┌─ Given data

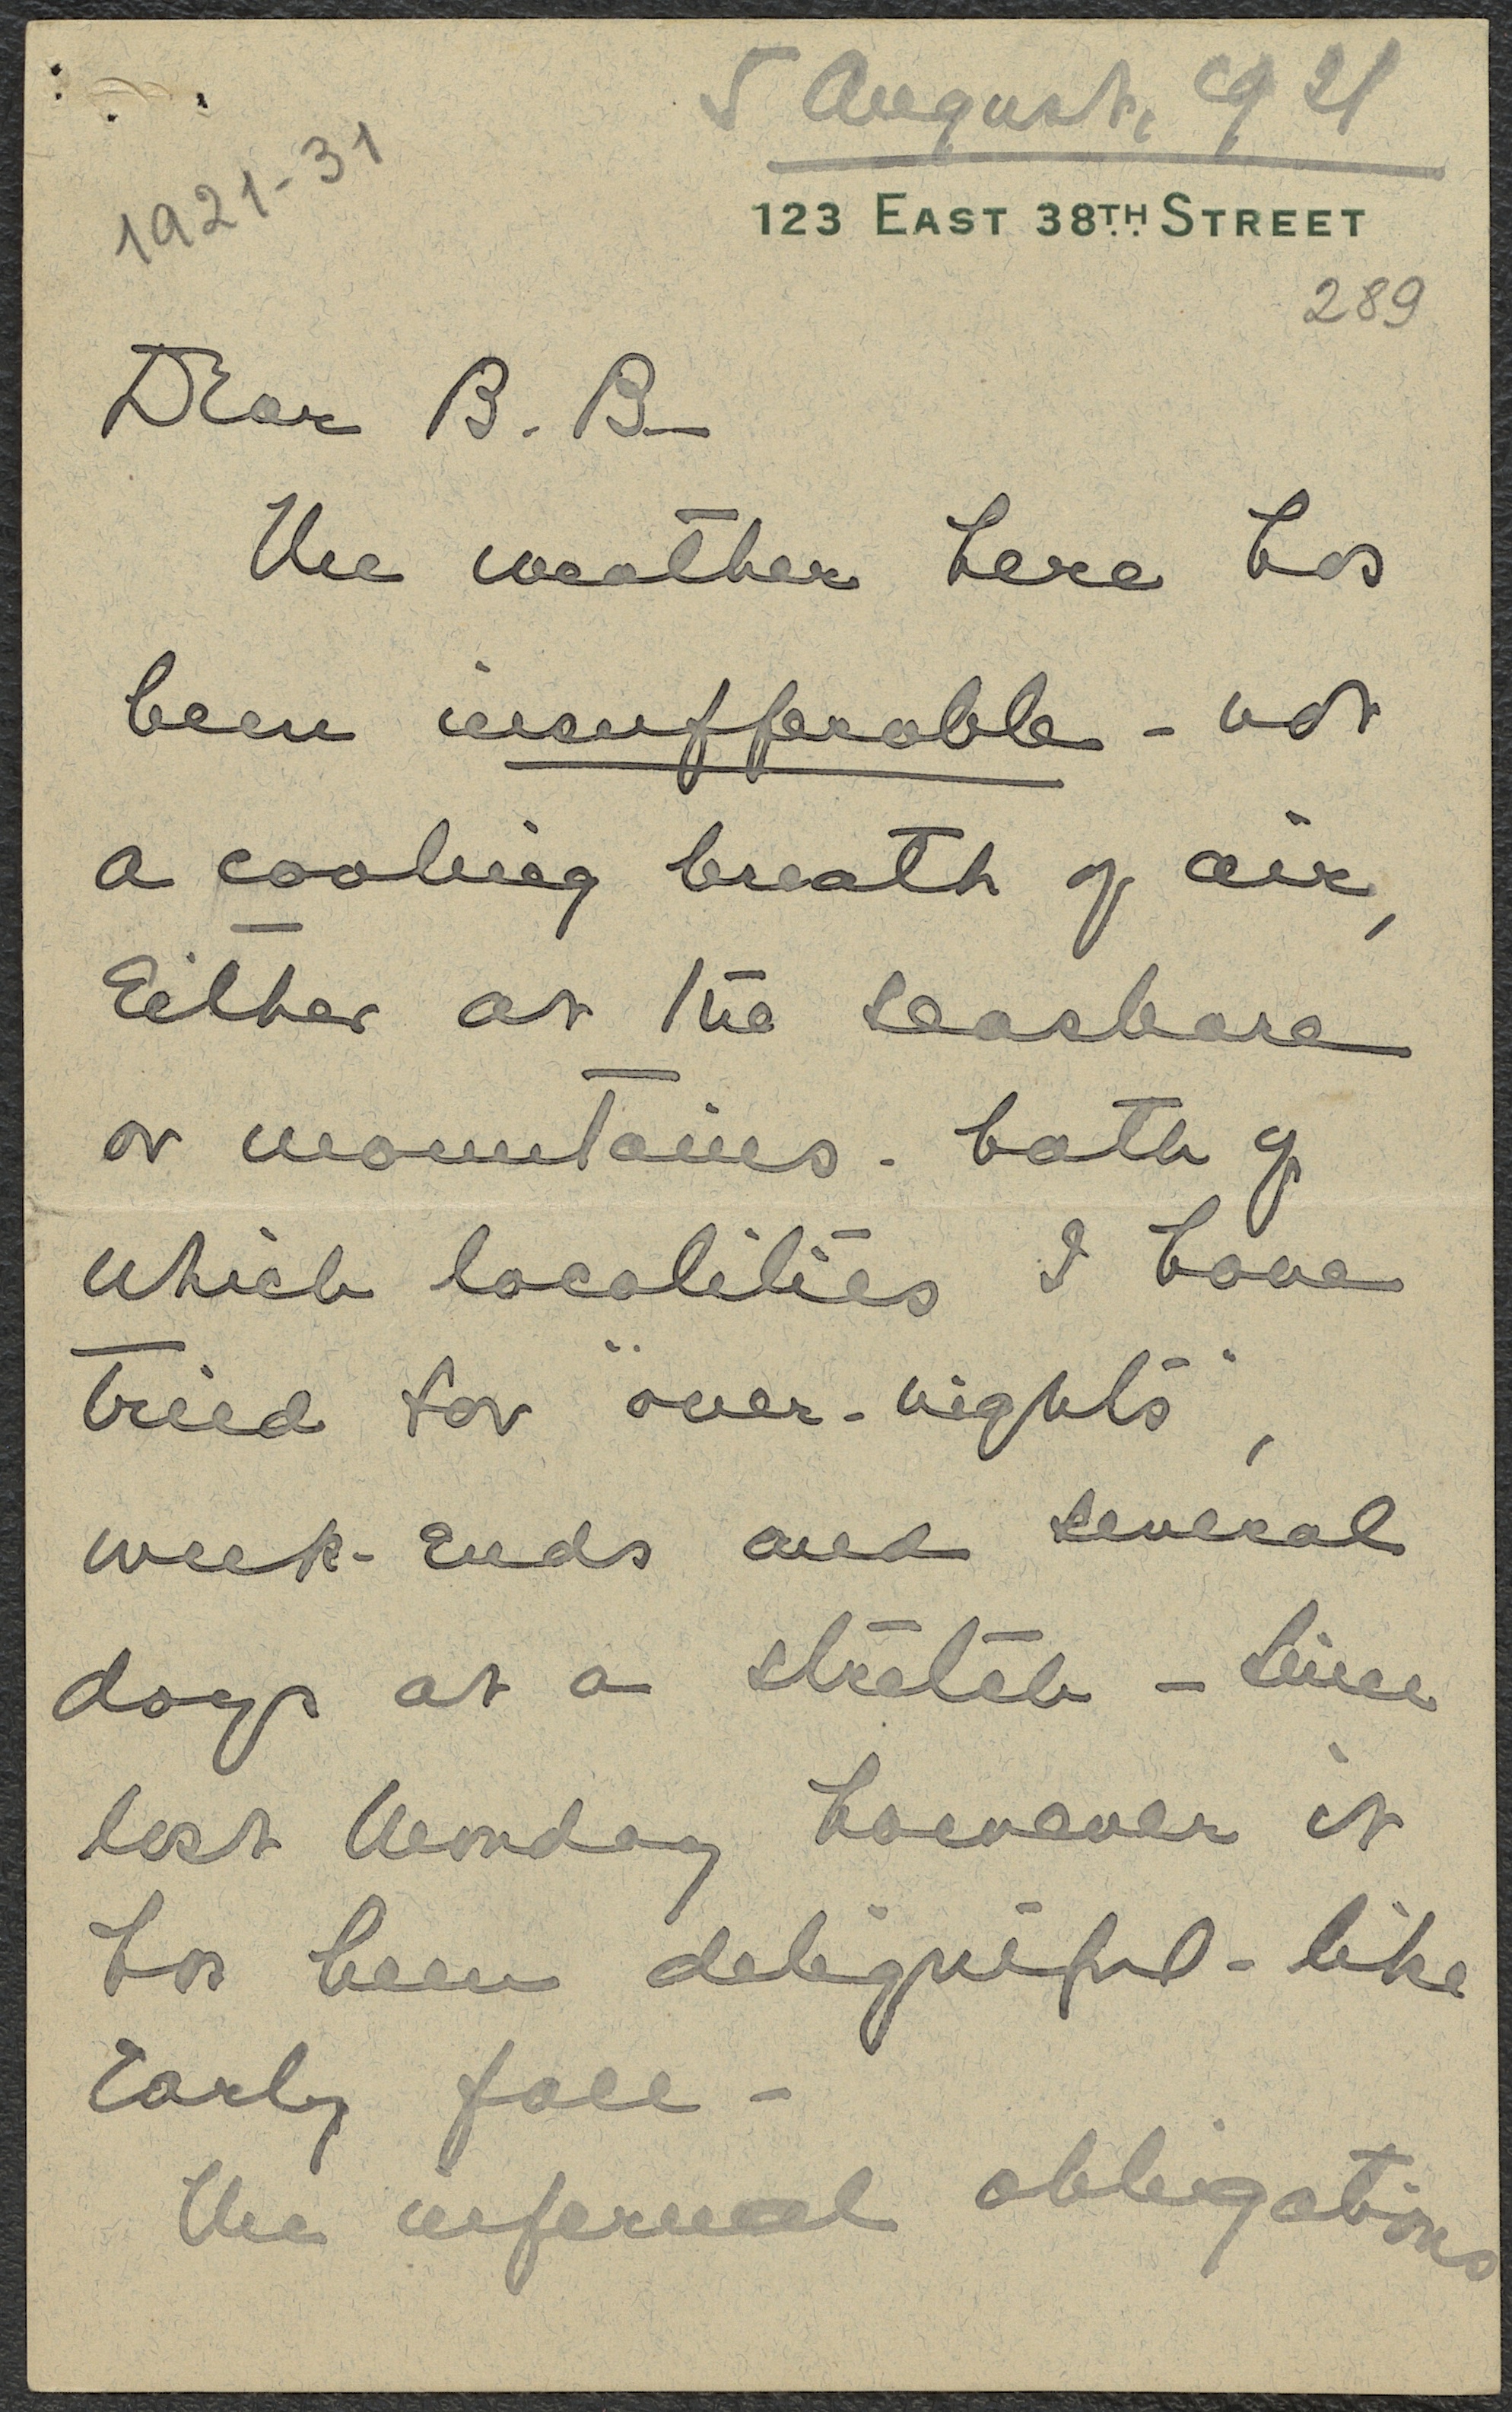5 August, 1921
Dear B.B. –
The weather here has been insufferable – not a cooling breath of air, either at the seashore or mountains – both of which localities I have tried for “over-nights”, week-ends and several days at a stretch – Since last Monday however it has been delightful – like early fall – The informal obligations

└─

- _Work instruction_
Every line above is to be given again exactly, apart from the pictures.

- _Written response_
5 August, 1921
Dear B.B. –
The weather here has been insufferable – not a cooling breath of air, either at the seashore or mountains – both of which localities I have tried for “over-nights”, week-ends and several days at a stretch – Since last Monday however it has been delightful – like early fall – The informal obligations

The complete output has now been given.